Right now, it feels like writing is just this on-again-off-again thing. In the month of April, I saw this huge swing of inspiration coming my way, the words came so easily and the ideas wouldn't cease. I wrote all them down so I wouldn't forget them later and put them into either my current projects or future ones. I guess it was the closest thing I've ever experienced to what people like to call "young love."
But then, that dreaded ending that is cliché to young love.
I guess with any relationship you've had for a while, there's those days where you feel like you hate them. (Wait, that's not normal? Oh. Okay then.) I get like this with the piano, too. It's like I love these hobbies so much, I end up having moments where I loathe the thought of them. For the piano, it's that recurring feeling of, "Why am I even doing this?" Kinda like people having those selfish thoughts in a relationship where they feel like they're putting a lot more into the relationship than they're getting out of it.
I've devoted years and years of blood, sweat, and tears (and literally, in many cases) of trying to learn how to play the piano. And then I get those moments where I just feel like giving up because the wall of impossibility rises before me and I find out that there's no way I can ever cross that hurdle to be better. My hands are too small. I didn't learn the piano "the right way." Despite years of practicing, my skills only lie in "beginning advanced." I've been in that space since middle school. I'm stuck in that respect. New piano lessons are helping, and that feeling has been at a minimum lately, but considering the cyclic nature that seems entrenched in my being, I know the hatred lies behind the corner. It's only a matter of when.
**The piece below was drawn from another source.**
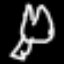
Label: frog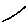
Label: tree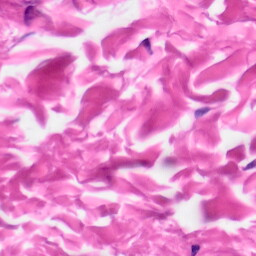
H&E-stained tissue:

For writing? That feeling of, "I hate this so much right now" doesn't come often, but when it does... well, you get a rant-y post like this one. I feel like I'm stuck. I can't get any better. How I've written three years ago is how I write today. Sure, my vocabulary might be a little bigger than it was before; but other than that, the impossibility wall is there before me. I try to strike a balance of creativity and going-by-the-book in writing, but it's difficult. I want to follow the instinctual writing I do, but I also want to make sure I don't lose the reader. Sadly, it ends up being a botched amalgamation of the two that I ultimately give up working on.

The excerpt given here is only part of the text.